[[ Supplied data open ]]

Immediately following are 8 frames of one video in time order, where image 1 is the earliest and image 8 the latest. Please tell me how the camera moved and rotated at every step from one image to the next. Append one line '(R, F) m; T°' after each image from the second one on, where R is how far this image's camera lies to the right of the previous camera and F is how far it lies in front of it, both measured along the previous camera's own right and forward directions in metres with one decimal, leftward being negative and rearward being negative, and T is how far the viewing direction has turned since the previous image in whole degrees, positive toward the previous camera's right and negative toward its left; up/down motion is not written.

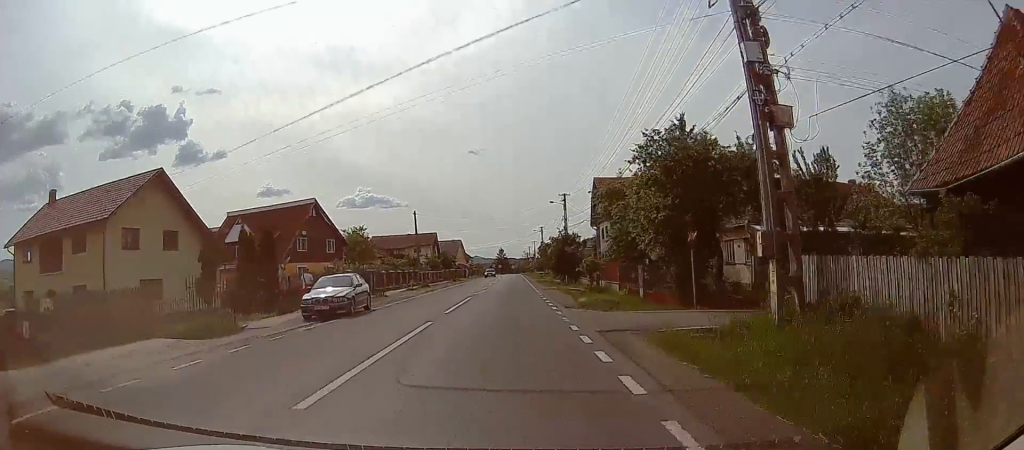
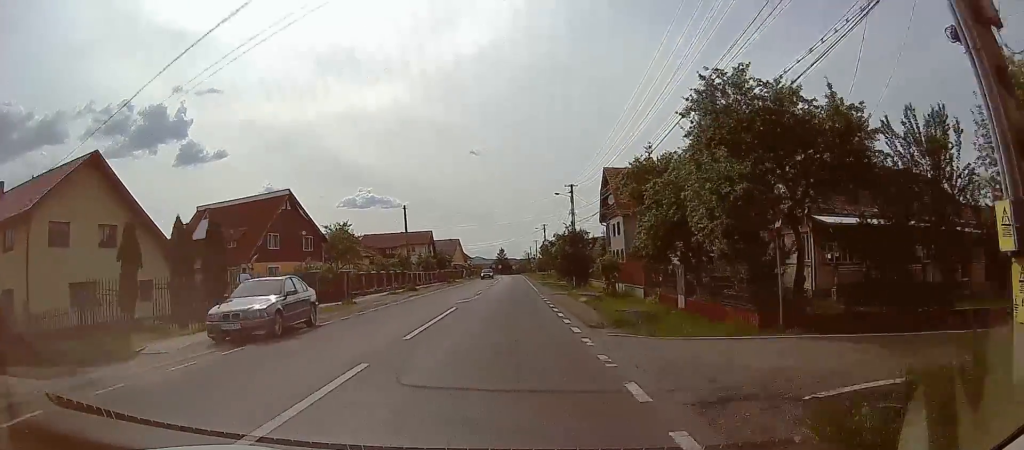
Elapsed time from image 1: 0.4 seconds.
(-0.3, +6.5) m; -2°
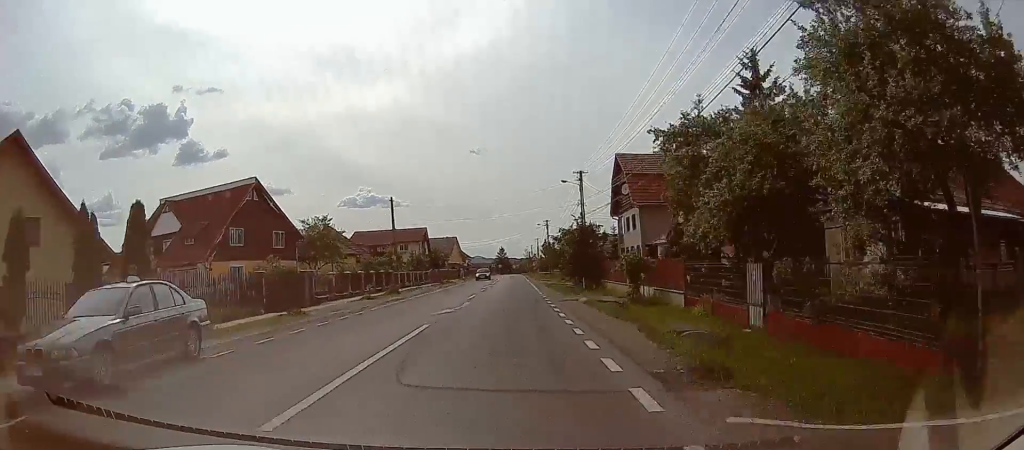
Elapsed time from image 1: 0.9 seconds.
(-0.1, +6.6) m; -1°
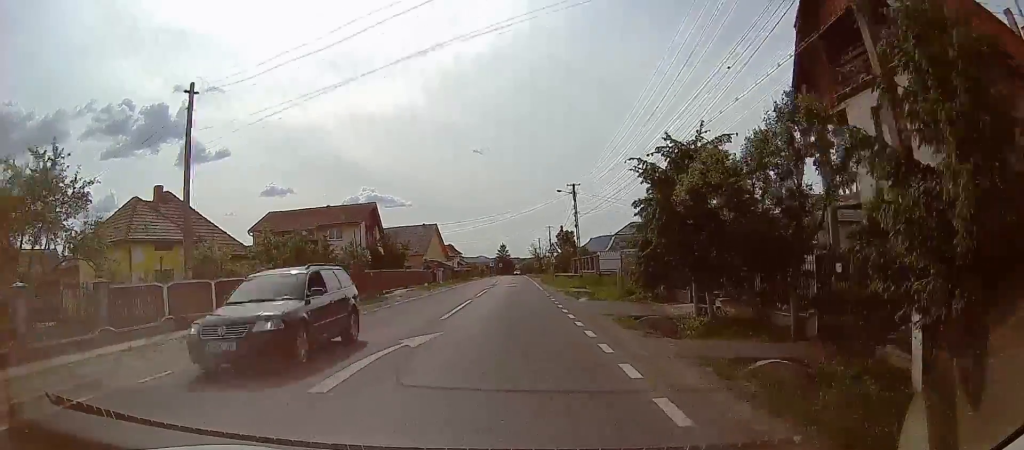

[[ Supplied data closed ]]

Problem details -
Output exactly the lines from the one containing "Elapsed time from image 1: 0.4 seconds." through the last line of the records above, both included, leaving out any pictures.

Response -
Elapsed time from image 1: 0.4 seconds.
(-0.3, +6.5) m; -2°
Elapsed time from image 1: 0.9 seconds.
(-0.1, +6.6) m; -1°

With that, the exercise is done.